И еще одно обстоятельство. В 1996 году выборы выиграл у Анатолия Собчака его заместитель Владимир Яковлев. Выиграл, как подчеркивает Усыскин, честно. Но за этим последовало стремительное снижение интеллектуального и морального уровня руководства города. Блестящая команда Собчака ушла — остался один Маневич. Рядом с ним работали теперь в основном обычные жадные бюрократы. Именно в этот период началось в городе усиленное сращение власти и собственности. Поддержки друзей больше не было. Зато всегда рядом были другие друзья, новые. Коммерсанты, «разруливавшие» конфликты с криминальными структурами. И ожидавшие, видимо, благодарности за это…

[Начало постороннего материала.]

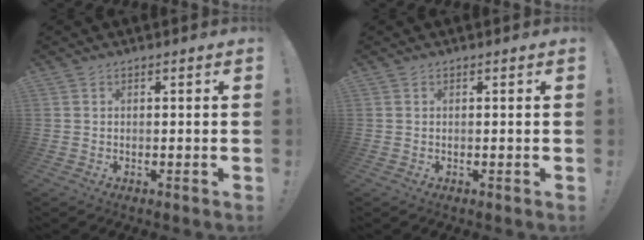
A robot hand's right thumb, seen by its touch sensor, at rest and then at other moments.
{"total": 0.0}
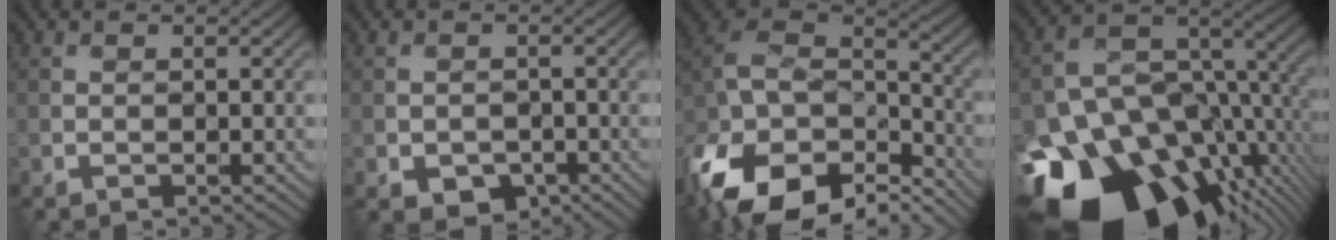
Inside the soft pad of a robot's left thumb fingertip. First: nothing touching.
{"total": 3.7, "force": [-1.9, 2.5, 2.0], "torque": [-0.035, -0.012, -0.029]}
{"total": 18.3, "force": [-12.3, 10.2, 9.1], "torque": [-0.240, -0.047, -0.190]}
{"total": 20.2, "force": [-9.9, 13.1, 11.8], "torque": [-0.227, -0.044, -0.124]}

И вот в такой ситуации человек оказывается перед вопросом, на который можно ответить «да» и «нет». Вопрос очень серьезный (судя по всему, речь шла об организованном разграблении торгового порта — а что такое для Петербурга море и порт, понятно). Можно было и уйти от ответа — перейдя, скажем, на другую должность, благо предложения такие были, — но это было бы скрытое «да». «Да» означало утрату самоуважения, окончательное прощание с былыми амбициями, превращение в рядового представителя «крапивного семени». «Нет» — смертельную опасность. Большинство пожертвовало бы самоуважением и жило бы в свое удовольствие. А вот этот человек, внешне, кажется, совсем не похожий на рыцаря без страха и упрека, решил иначе. И погиб.

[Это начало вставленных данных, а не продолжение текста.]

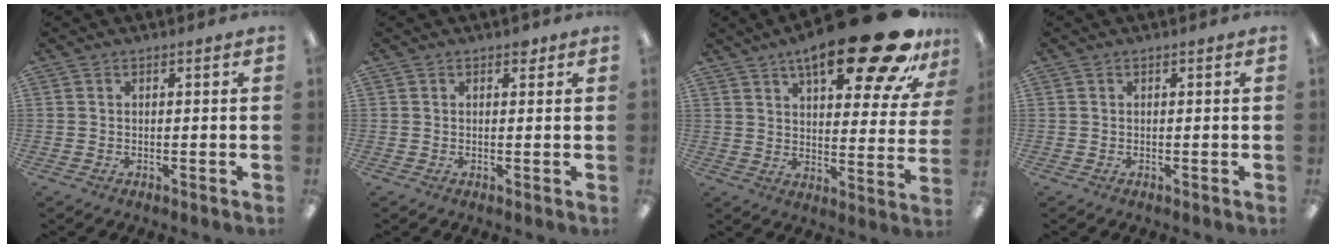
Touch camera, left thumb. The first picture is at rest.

Лев Усыскин не навязывает читателю именно такую версию случившегося, но приведенные им в книге документы, статьи и свидетельства склоняют читателя именно к ней. К трагедии интеллигента, который променял свою игрушечную жизнь, со своей искусственной непогрешимостью, на настоящее действие, неизбежное грехопадение и неизбежный экзистенциальный выбор. Трагедии человека девяностых — узлового времени российской истории. Истории, в которой Михаил Маневич прожил общую со многими жизнь, чтобы умереть своей, только своей смертью.